API Gateway resource status

Status	Description
green	Indicates that API Gateway resource types like memory, disk space, and service threads are available to run.
yellow	Indicates that API Gateway does not have adequate resources to run. When the API Gateway resource status is yellow, the overall status of API Gateway is yellow.

Cluster status within nodes

Status	Description
green	Indicates that cluster is in a healthy state. The cluster status is green only when Terracotta Server Array is up and running. When the status of the cluster signals green, the overall status of API Gateway is green.
red	Indicates cluster failure and an outage.
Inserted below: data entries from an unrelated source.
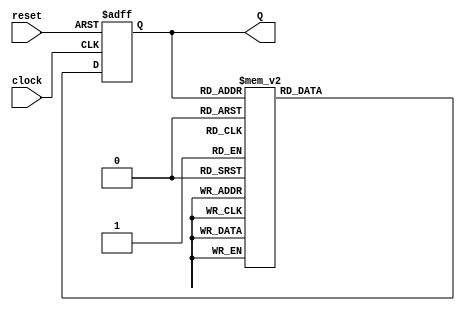
module johnson_counter (
    input wire clock,
    input wire reset,
    output reg [3:0] Q
);

    // State encoding
    parameter S0 = 4'b0000;
    parameter S1 = 4'b1000;
    parameter S2 = 4'b1100;
    parameter S3 = 4'b1110;
    parameter S4 = 4'b1111;
    parameter S5 = 4'b0111;
    parameter S6 = 4'b0011;
    parameter S7 = 4'b0001;

    // Current state variable
    reg [3:0] current_state;

    // State transition logic
    always @(posedge clock or posedge reset) begin
        if (reset) begin
            current_state <= S0; // Reset to state 0000
        end else begin
            case (current_state)
                S0: current_state <= S1; // 0000 -> 1000
                S1: current_state <= S2; // 1000 -> 1100
                S2: current_state <= S3; // 1100 -> 1110
                S3: current_state <= S4; // 1110 -> 1111
                S4: current_state <= S5; // 1111 -> 0111
                S5: current_state <= S6; // 0111 -> 0011
                S6: current_state <= S7; // 0011 -> 0001
                S7: current_state <= S0; // 0001 -> 0000
                default: current_state <= S0; // Default to state 0000
            endcase
        end
    end

    // Output logic (Moore output)
    always @(*) begin
        Q = current_state; // Output is the current state
    end

endmodule

When the status of the cluster signals red, the overall status of API Gateway is red.

A sample HTTP response is as follows:

{

"status": "green",

"elasticsearch": {

"cluster_name": "api_gateway_cluster",

"status": "green",

"number_of_nodes": "3",

"number_of_data_nodes": "3",

"timed_out": "false",

"active_shards": "200",

"initializing_shards": "0",

"unassigned_shards": "0",

"task_max_waiting_in_queue_millis": "0",

"node": "localhost:9240",

"response_time_ms": "4"

},

"is": {

"status": "green",

"diskspace": {

"status": "up",

"free": "14206386176",

"inuse": "17994313728",

"threshold": "3220069990",

"total": "32200699904"

},

"memory": {

"status": "up",

"freemem": "420766624",

"maxmem": "2147483648",

"threshold": "161061273",

"totalmem": "1610612736"

},

"servicethread": {

"status": "up",

"avail": "397",

"inuse": "3",

"max": "400",

"threshold": "40"

},

"response_time_ms": "309"

},

"cluster": {

"status": "green",

"isClusterAware": "true",

"nodes": "3",

"response_time_ms": "518"

}

}

The overall cluster status of API Gateway is green since all components work as expected.

Administration Service Health Probe at Cluster Level

To check the availability and health status of the API Gateway administration service (UI, Dashboards) at the cluster level, use the following REST endpoint:

GET /rest/apigateway/health/admin

The following table shows the response code and the description.

Response	Description
200 OK	Administration service health check is successful.
500 Internal server error	Denotes a problem. The response JSON indicates the problem.
timeout or no response as the request did not reach the probe	Several factors can contribute to the delay when you initiate the Administration Service Health Probe, which may result in the timeout errors. To know the reasons for timeout errors, see Causes for timeout errors for more information.

The overall Administration Service Health Probe status can be green or red based on the API Gateway administration service's status and Kibana status.

Kibana status

Status	Description
green	Indicates that Kibana's port is accessible. When the status signals green, the overall status of Administration Service Health Probe is green.
red	Indicates that either Kibana's port is inaccessible or Kibana's communication with API Data Store is not established. When the status signals red, the overall status of Administration Service Health Probe is red.

API Gateway administration service status

Status	Description
green	Indicates that API Gateway administration service is available. When the status signals green, the overall status of Administration Service Health Probe is green.
red	Indicates that API Gateway administration service is not available. When the status signals red, the overall status of Administration Service Health Probe is red.

A sample HTTP response is as follows:

{
"status": "green",
"ui": {
"status": "green",
"response_time_ms": "40"
},
"kibana": {
"status": {
"overall": {
"state": "green",
"nickname": "Looking good",
"icon": "success",
"uiColor": "secondary"
}
},
"response_time_ms": "36"
}
}

The overall status is green since API Gateway administration service and Kibana is in a healthy state.